WHAT NEEDS TO BE DONE » List each line of the data that holds the word "xlink".

--

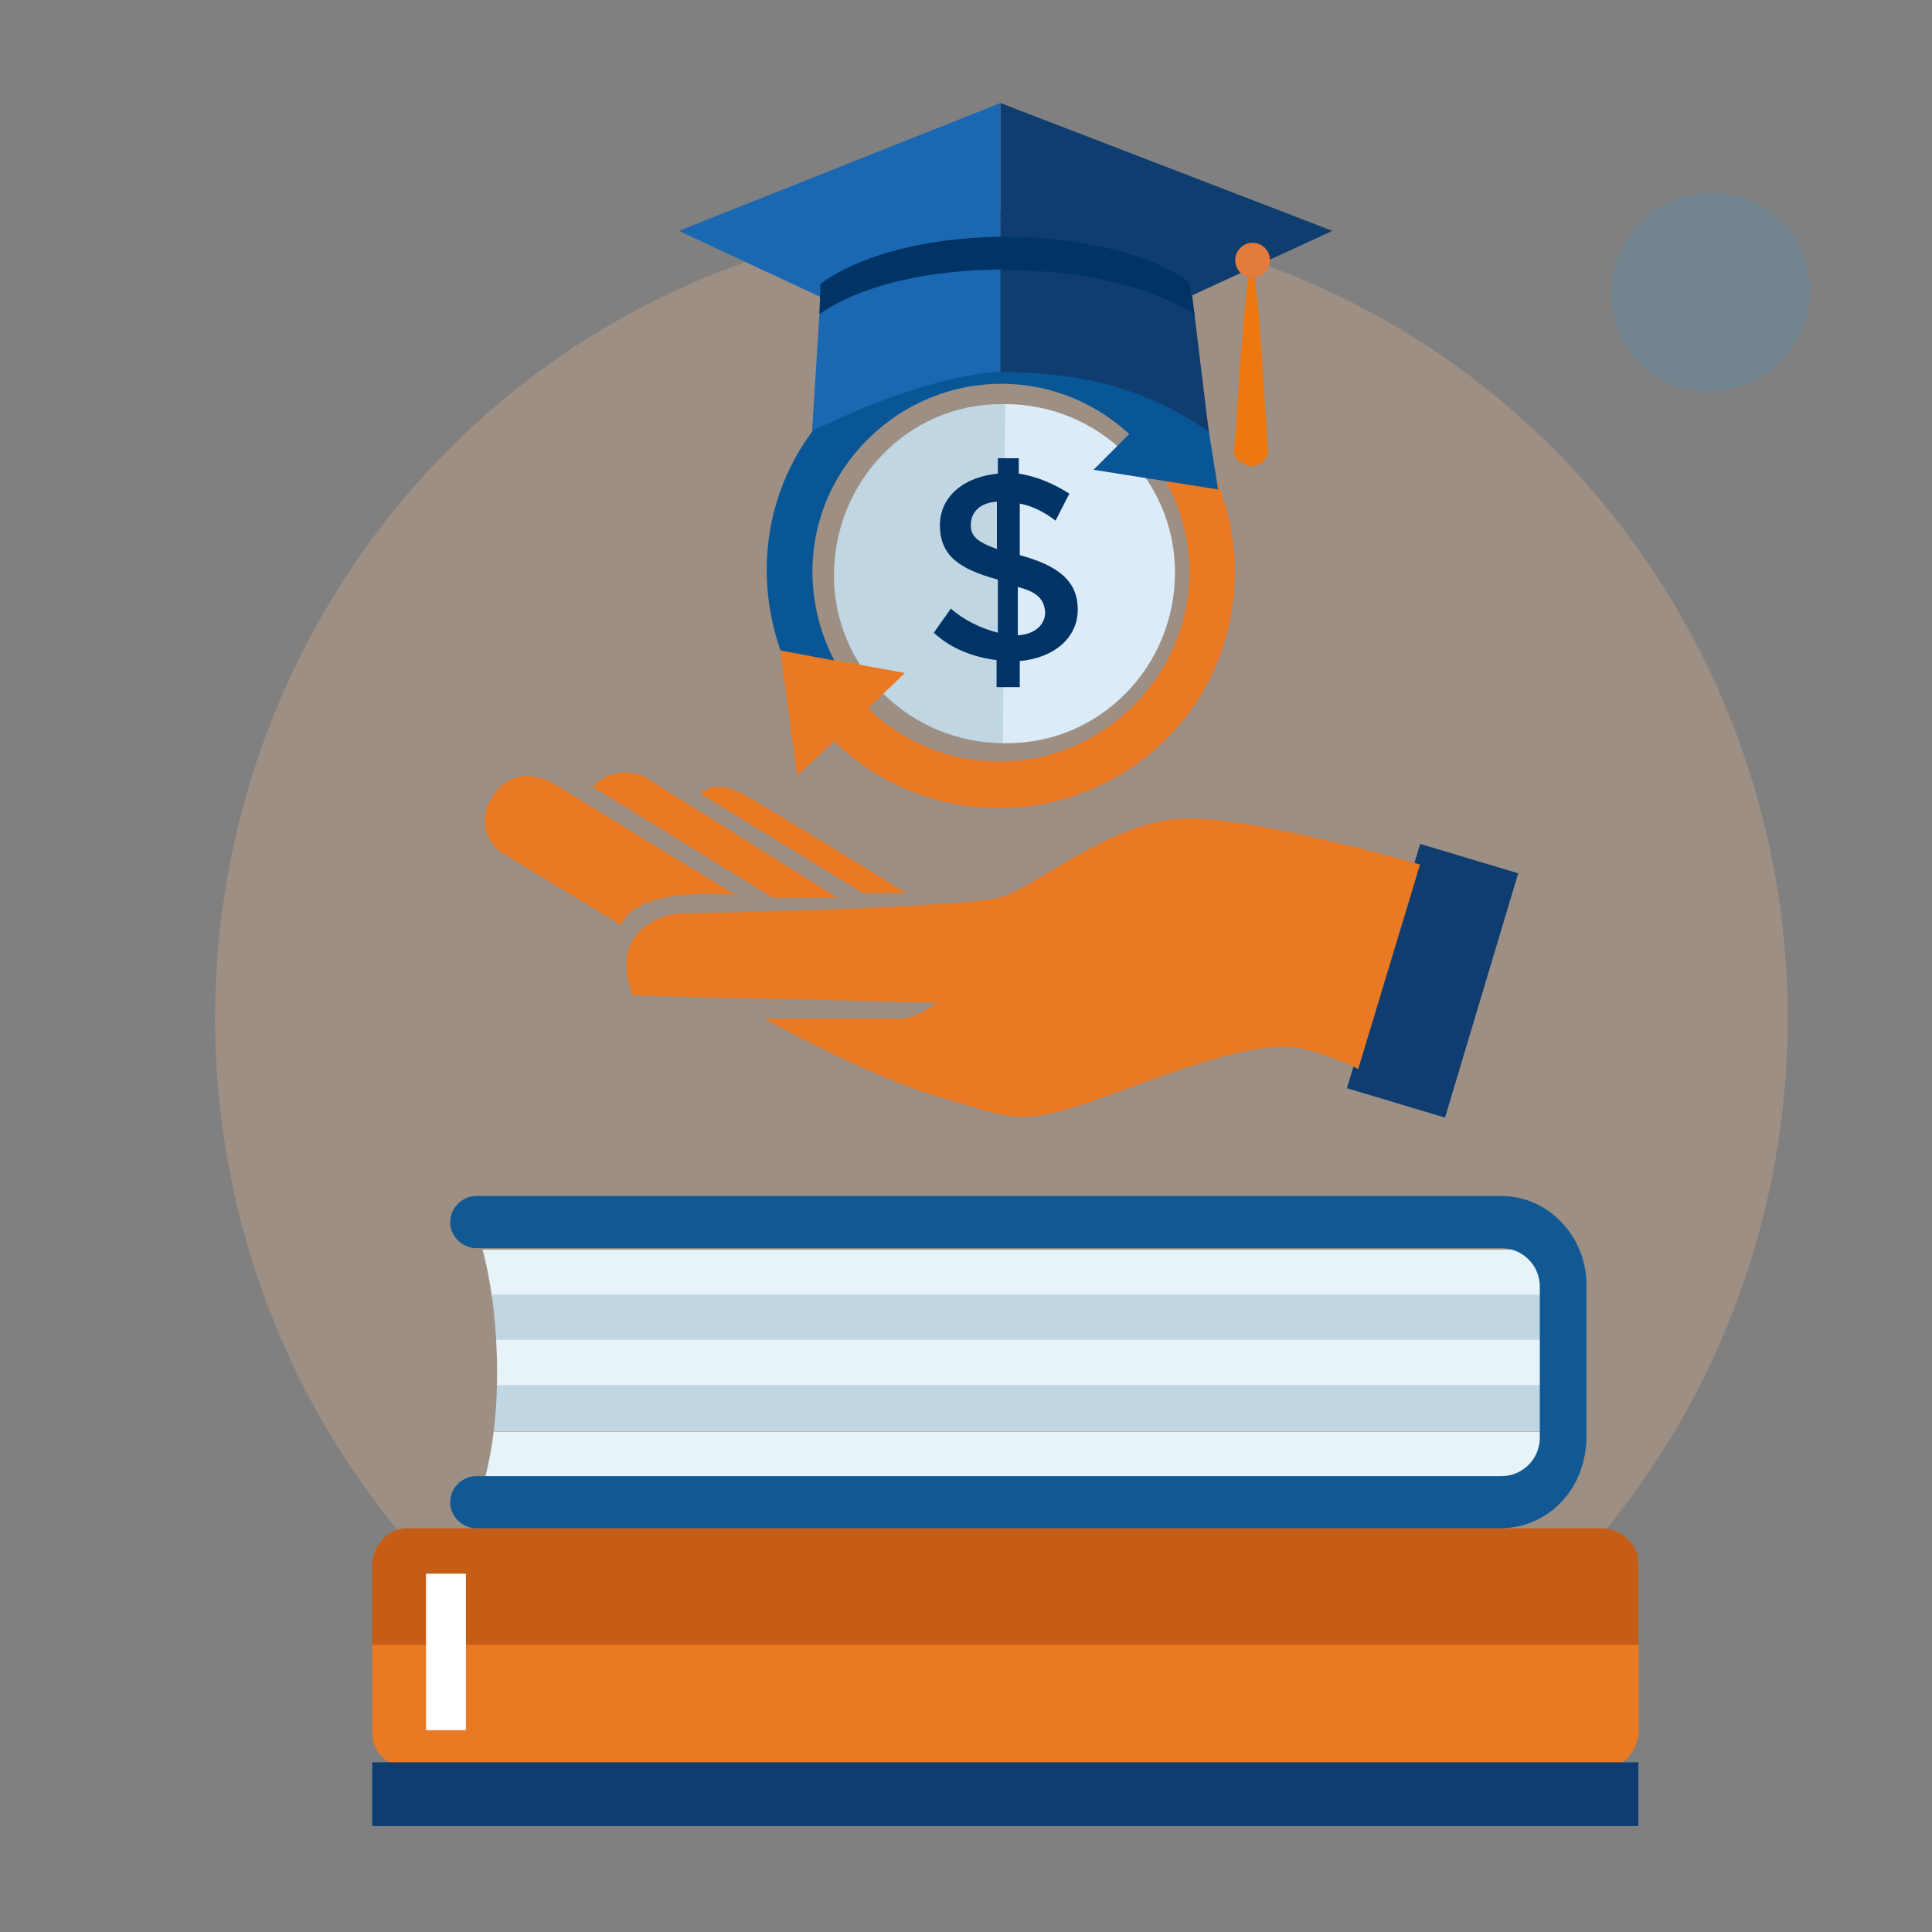 <?xml version="1.0" encoding="utf-8"?>
<!-- Generator: Adobe Illustrator 27.8.1, SVG Export Plug-In . SVG Version: 6.00 Build 0)  -->
<svg version="1.1" id="Layer_1" xmlns="http://www.w3.org/2000/svg" xmlns:xlink="http://www.w3.org/1999/xlink" x="0px" y="0px"
	 viewBox="0 0 600 600" style="enable-background:new 0 0 600 600;" xml:space="preserve">
<rect x="0" y="0" width="600" height="600" fill="#808080" stroke="none"/>
<style type="text/css">
	.st0{fill:#FDB07B;}
	.st1{fill:#ED780F;}
	.st2{fill:#03467C;}
	.st3{fill:#F2F2F2;}
	.st4{fill:#0F3D70;}
	.st5{fill:#1B68B2;}
	.st6{fill:#085696;}
	.st7{fill:#2484BA;}
	.st8{fill:#3B93D0;}
	.st9{fill:#257ABE;}
	.st10{fill:#003366;}
	.st11{fill:#E37B3D;}
	.st12{clip-path:url(#SVGID_00000178908180116184718740000007038212596897383610_);}
	.st13{fill:#E8F2F9;}
	.st14{fill:#C0D6E2;}
	.st15{fill:#E37B3D;stroke:#F2F2F2;stroke-width:9;stroke-miterlimit:10;}
	.st16{fill:#FFFFFF;}
	.st17{fill:#EA7923;}
	.st18{fill:#DCEBF8;}
	.st19{opacity:0.25;}
	.st20{fill:#FCC190;}
	.st21{fill:#2C4577;}
	.st22{fill:#F78B41;}
	.st23{fill:#7AB4E2;}
	.st24{opacity:0.4;fill:#DCEBF8;enable-background:new    ;}
	.st25{opacity:0.16;fill:#2B9BE0;enable-background:new    ;}
	.st26{clip-path:url(#SVGID_00000070811814011800295290000008534751774618981008_);}
	.st27{fill:#CFE6FA;}
	.st28{fill:#3D93D0;}
	.st29{fill:#E8F4FD;}
	.st30{opacity:0.23;fill:#FCC190;enable-background:new    ;}
	.st31{fill:#C65D17;}
	.st32{clip-path:url(#SVGID_00000173128390955114774620000009844366020552444571_);}
	.st33{fill:#125993;}
	.st34{opacity:0.23;fill:#EB7923;enable-background:new    ;}
	.st35{clip-path:url(#SVGID_00000011713844974881313410000005456497838233994150_);}
	.st36{fill:#FC993F;}
	.st37{opacity:0.15;}
	.st38{clip-path:url(#SVGID_00000094576153705594091070000013191311656765553823_);}
	.st39{fill:#F5A155;}
	.st40{opacity:0.2;}
	.st41{clip-path:url(#SVGID_00000060710909958705511730000014908371039309791395_);}
	.st42{clip-path:url(#SVGID_00000059285741213864004550000016779662305765954985_);}
	.st43{fill:#135EA5;}
	.st44{opacity:0.1;}
	.st45{clip-path:url(#SVGID_00000159457502051423557640000004361398690461394108_);}
	.st46{clip-path:url(#SVGID_00000014599832970132364600000009919410870856903321_);}
	.st47{clip-path:url(#SVGID_00000078736261162923358610000010667824152268312455_);}
	.st48{clip-path:url(#SVGID_00000161609707173690206920000009518774884885769876_);}
	.st49{clip-path:url(#SVGID_00000080887061607139146800000002334116892532412294_);}
	.st50{clip-path:url(#SVGID_00000168082858750776999950000016870544859018543032_);}
	.st51{clip-path:url(#SVGID_00000148654502684198294980000001638977666624239540_);}
	.st52{clip-path:url(#SVGID_00000016753892091395022550000011468834572368550833_);}
	.st53{clip-path:url(#SVGID_00000121998846758739553480000004043574762420732848_);}
	.st54{clip-path:url(#SVGID_00000027582819411105897250000010239625291861733035_);}
	.st55{clip-path:url(#SVGID_00000070828416593884664430000003184994689869238926_);}
	.st56{clip-path:url(#SVGID_00000055689126280261249630000012888117320072275635_);}
	.st57{fill:#FFD600;}
	.st58{clip-path:url(#SVGID_00000093872845956080090440000002630168476058604221_);}
	.st59{clip-path:url(#SVGID_00000078742161309466454960000012628123336656262044_);}
	.st60{clip-path:url(#SVGID_00000048486789872529606130000006754989255131949240_);}
	.st61{clip-path:url(#SVGID_00000154412354156622382140000006978654342639481759_);}
	.st62{clip-path:url(#SVGID_00000149359216093358947150000015116920704713110712_);}
	.st63{clip-path:url(#SVGID_00000031885893941292677020000007042611818267702695_);}
	.st64{clip-path:url(#SVGID_00000006708810539631389310000002055569107280179358_);}
	.st65{clip-path:url(#SVGID_00000178172156635183125180000000524276108896018848_);}
	.st66{clip-path:url(#SVGID_00000043455186343777932500000014374353893068986283_);}
	.st67{clip-path:url(#SVGID_00000159461610844358950210000002927753185357751217_);}
	.st68{clip-path:url(#SVGID_00000072958973240731646370000016294254675209646492_);}
	.st69{fill:#F9B373;}
	.st70{opacity:0.23;fill:#2B9BE0;enable-background:new    ;}
	.st71{clip-path:url(#SVGID_00000119081484656386339910000002723344075246558361_);}
	.st72{fill:#EB7923;}
	.st73{clip-path:url(#SVGID_00000069392870805294727740000000316724028606485157_);}
	.st74{fill:#C45800;}
	.st75{fill:#F4F5F8;}
	.st76{opacity:0.4;}
	.st77{fill:#CE5F13;}
	.st78{fill:#B5500B;}
	.st79{fill:#F7C194;}
	.st80{fill:none;stroke:#C45800;stroke-width:1.5;stroke-miterlimit:10;}
	.st81{fill:none;stroke:#E88C4D;stroke-width:1.5;stroke-miterlimit:10;}
	.st82{fill:#1A5387;}
	.st83{fill:#CCE5FA;}
	.st84{opacity:0.23;enable-background:new    ;}
	.st85{fill:#2B9BE0;}
	.st86{clip-path:url(#SVGID_00000078748706795907598610000013922050342613094550_);}
	.st87{fill:#F79842;}
	.st88{fill:none;stroke:#E88C4D;stroke-width:4;stroke-miterlimit:10;}
	.st89{fill:none;stroke:#C45800;stroke-width:4;stroke-miterlimit:10;}
	.st90{clip-path:url(#SVGID_00000137091251906543391480000005518328607738105985_);}
	.st91{clip-path:url(#SVGID_00000090974394425286864480000012369952778771300235_);}
</style>
<g>
	
		<ellipse id="Ellipse_1642_00000081647649731761179450000016829259934635375031_" class="st30" cx="311" cy="316.2" rx="244.2" ry="248.3"/>
	
		<ellipse id="Ellipse_1642_00000165205459298212878610000006792394417234685881_" transform="matrix(0.68 -0.733 0.733 0.68 103.732 418.506)" class="st25" cx="531.1" cy="90.5" rx="31.1" ry="30.6"/>
	<g>
		<path class="st17" d="M192.9,287.3l-37.6-22.8c0,0-9.4-7.2-1.8-17.9c7.6-10.7,19.3-2.7,19.3-2.7l55.5,34
			C228.3,277.9,197.8,274.8,192.9,287.3z"/>
		<path class="st17" d="M184,244.3l56,34.5h20.1l-60-37.6C200.1,241.2,191.6,236.7,184,244.3z"/>
		<path class="st17" d="M217.5,246.5c0,0,4-4.9,13,0c9,4.9,51,30.9,51,30.9h-13.4L217.5,246.5z"/>
		
			<rect x="405.2" y="288.6" transform="matrix(0.287 -0.958 0.958 0.287 25.53 643.307)" class="st4" width="79.2" height="31.8"/>
		<path class="st17" d="M441,268.5c0,0-48.8-14.3-72.1-14.3c-23.3,0-47,21.5-58.7,24.6s-95.4,4.9-99.4,4.9s-22.4,4.9-14.3,25.5
			l94.5,2.2c0,0-6.3,4.9-11.2,4.9c-4.9,0-42.5,0-42.5,0s31.8,17.9,55.1,24.6c23.3,6.7,23.7,9.9,56-2.2s47.5-15.7,58.2-12.5
			c10.7,3.1,15.2,5.8,15.2,5.8L441,268.5z"/>
		<g>
			<g id="Group_11419_00000005984181118685589550000003599404246578560686_">
				<g id="Group_5415_00000160190419710491445380000007675027139703505307_">
					<g id="Group_5414_00000062166981559139559910000014564287163988759215_">
						<path id="Path_2802_00000141426608771080406580000005055534130451927463_" class="st14" d="M311.8,230.8
							c-29,0-52.8-23.1-52.8-52.1s22.8-53.2,51.9-53.2c0.3,0,0.9,0,1.3,0"/>
						<path id="Path_2803_00000061447299051268697470000003819238283302437028_" class="st18" d="M312.1,125.5
							c29,0,52.8,23.2,52.8,52.3s-23.1,53-52.1,53c-0.3,0-0.9,0-1.3,0"/>
						<g id="Group_5413_00000085957470472615029320000013130399349285075089_">
							<path id="Path_2804_00000008832358122389941700000005254021916098047879_" class="st10" d="M327.8,161.7
								c-3.3-2.6-7.2-4.6-11.1-5.3v16c12.1,3.3,18,8.1,18,16.9l0,0c0,8.7-7.2,15-18,16v8.1h-7.2V205c-7.2-0.9-14.3-3.6-19.5-8.5
								l5.3-7.5c4,3.6,9.5,6.2,14.6,7.5V180c-12.1-3.3-18-7.5-18-16.9l0,0c0-8.7,7.2-15,18-16v-4.8h6.5v4.8
								c5.9,0.9,11.1,3.3,15.7,6.2L327.8,161.7z M309.6,170.5v-14.7c-5.3,0.3-8.1,3.3-8.1,7.2l0,0
								C301.4,166.4,303.4,168.3,309.6,170.5z M316.1,182.3v15c5.3-0.3,8.5-3.3,8.5-7.2l0,0C324.2,186.1,322.3,183.9,316.1,182.3
								L316.1,182.3z"/>
						</g>
					</g>
				</g>
				<path class="st17" d="M363.4,127.1c-0.5-0.5-1.1-1.1-1.6-1.6c-2.1,4.4-6.1,8-10.6,9.8c23.5,22.7,24.4,59.4,1.6,83
					c-22.7,23.6-59.6,24.4-83.2,1.7L281,209l-38.7-7.1l5.3,39l11.4-10.7c28.4,27.4,72.9,27.9,102,0.5
					C390.1,203.1,391.1,156.1,363.4,127.1z"/>
				<path class="st6" d="M378.3,152l-6.2-38.8l-11.1,11c-29-26.8-73.5-26.2-101.9,1.9c-20.5,20.5-25.8,50-16.7,75.9
					c5.3,1,16.3,3.1,16.7,3.1c-11.1-21.3-8.8-47.9,8.5-66.7c22.2-24.1,59-25.8,83.1-3.6l-11.1,11.1L378.3,152z"/>
			</g>
			<g id="Group_11699_00000123404207573376133400000007340466122507486382_">
				<path id="Path_3982_00000176001797264759489550000010152106008285214654_" class="st4" d="M362,95.5l51.8-23.8L310.7,32v75.8
					L362,95.5z"/>
				<path id="Path_3983_00000165928611809861128120000014451662995326173355_" class="st5" d="M261.8,95.5l-51-23.8L310.7,32v71.7
					L261.8,95.5z"/>
				<path id="Path_3984_00000059287974841963556370000001083507469336433087_" class="st5" d="M252.2,133.9l2.9-46.3
					c0,0,15.9-13.7,56.9-14l-1.3,41.9C310.7,115.4,289.8,115.4,252.2,133.9z"/>
				<path id="Path_3985_00000093164074821603632470000014802203767497686413_" class="st4" d="M375.4,134.1l-5.9-48.5
					c0,0-16.8-19.9-58.8-20.2v50.1C330.2,115.7,352.8,118.2,375.4,134.1z"/>
				<path id="Path_3986_00000064350690039644292370000010593642342322275468_" class="st10" d="M369.3,87.6l1.7,10.2
					c0,0-17.5-13.7-59.5-14V73.5C353,73.8,369.3,87.6,369.3,87.6z"/>
				<path id="Path_3987_00000169544691685520858530000017007303192072857507_" class="st10" d="M312.3,73.5v10.2
					c-41.1,0-57.8,13.9-57.8,13.9l0.3-9.4C254.8,88.3,271.3,73.8,312.3,73.5z"/>
				<path id="Path_3988_00000043443064551110470480000005600963730473633671_" class="st1" d="M388.7,83.3c2.1,0,4.5,51.5,5.1,56.1
					s-5.1,5.5-5.1,5.5s-6.3-1.1-5.5-5.5C384,135,386.5,83.5,388.7,83.3z"/>
				<path id="Path_3989_00000021841417244714555630000013128688385620578226_" class="st11" d="M383.6,80.8c0,3,2.4,5.4,5.4,5.4
					c3,0,5.4-2.4,5.4-5.4c0-3-2.4-5.4-5.4-5.4l0,0C386.1,75.4,383.6,77.8,383.6,80.8L383.6,80.8z"/>
			</g>
		</g>
	</g>
	<g id="Group_3036_00000059300208767987619640000000423509196327503031_" transform="translate(0 80.527)">
		<g id="Group_3026_00000002382663387350422510000003601682344064923023_">
			<g id="Group_3023_00000178193382701330134100000000849904641735272589_">
				<path id="Path_1181_00000116957020216800170780000015491630795537930371_" class="st31" d="M508.8,432.4v-27.6
					c0-6-5.4-10.3-10.7-10.7H126.3c-6,0-10.2,5.4-10.7,10.7v27.6"/>
				<path id="Path_1182_00000116199277833965675840000011153695771628210318_" class="st17" d="M115.6,430.3v27.6
					c0,6,5.4,10.3,10.7,10.7h371.9c6,0,10.2-5.4,10.7-10.7v-27.6"/>
			</g>
			
				<rect id="Rectangle_1597_00000114792609119564765280000005833194849150862225_" x="132.3" y="408.2" class="st16" width="12.4" height="48.6"/>
		</g>
	</g>
	<g id="Group_7544_00000101810104853078698850000002865898809309019062_" transform="translate(0 37.529)">
		<g id="Group_7542_00000017487847905021920560000007924367277682356667_" transform="translate(3.376 3.296)">
			<g id="Group_8038_00000101803700400677187530000014588490235557199796_">
				<g>
					<g>
						<g>
							<g>
								<g>
									<g>
										<g>
											<defs>
												<path id="SVGID_00000067925426188549658190000010734748085504339101_" d="M462.2,340.6H144.4c0,0,6.6,16.3,6.6,44.9
													c0,27.6-6.6,41-6.6,41h318.4c10.3,0,20-8.7,20-20v-47C481.6,348.4,473.5,340.6,462.2,340.6L462.2,340.6L462.2,340.6z"/>
											</defs>
											<clipPath id="SVGID_00000007417272681101016240000000820785886536773521_">
												<use xlink:href="#SVGID_00000067925426188549658190000010734748085504339101_"  style="overflow:visible;"/>
											</clipPath>
											
												<g id="Group_8037_00000018194910254956619650000014501115367621128627_" style="clip-path:url(#SVGID_00000007417272681101016240000000820785886536773521_);">
												<g id="Group_7541_00000066497112428781464910000015300604606703497629_" transform="translate(0 2.95)">
													<path id="Path_3979_00000128460525802829653040000002667734723593349006_" class="st13" d="M144.5,344.3h337.1v14.4
														H144.5V344.3z"/>
													<path id="Path_3978_00000049224171361162478290000011340360521772008372_" class="st14" d="M144.5,358.3h337.1v14.4
														H144.5V358.3z"/>
													<path id="Path_3977_00000149347379558461347650000013050646618191086209_" class="st13" d="M144.5,372.3h337.1v14.4
														H144.5V372.3z"/>
													<path id="Path_3980_00000075883235910969044600000013704064280217184663_" class="st14" d="M144.5,386.4h337.1v14.4
														H144.5V386.4z"/>
													<path id="Path_3981_00000083052866111981746960000014412190623809236406_" class="st13" d="M144.5,400.9h337.1v15.6
														H144.5V400.9z"/>
												</g>
											</g>
										</g>
									</g>
								</g>
							</g>
						</g>
					</g>
				</g>
			</g>
		</g>
		<g id="Group_7543_00000175320302743735387530000007007394093857491866_">
			<path id="Path_3973_00000181062613195504535990000015979194243071762313_" class="st33" d="M465.7,437.1H147.9
				c-4.3,0-8.1-3.7-8.1-8.1s3.7-8.1,8.1-8.1h318.4c6.6,0,11.9-5.4,11.9-11.9v-47c0-6.6-5.4-11.9-11.9-11.9H147.9
				c-4.3,0-8.1-3.7-8.1-8.1l0,0c0-4.3,3.7-8.1,8.1-8.1l0,0h318.4c14.4,0,26.4,12.4,26.4,27.6v47
				C492.6,425.2,480.7,437.1,465.7,437.1z"/>
		</g>
	</g>
	
		<rect id="Rectangle_13097_00000024001705118998533370000015866493769249221507_" x="115.6" y="547.3" class="st4" width="393.2" height="19.8"/>
</g>
</svg>

--

PROBLEM SOLUTION »
<svg version="1.1" id="Layer_1" xmlns="http://www.w3.org/2000/svg" xmlns:xlink="http://www.w3.org/1999/xlink" x="0px" y="0px"
												<use xlink:href="#SVGID_00000067925426188549658190000010734748085504339101_"  style="overflow:visible;"/>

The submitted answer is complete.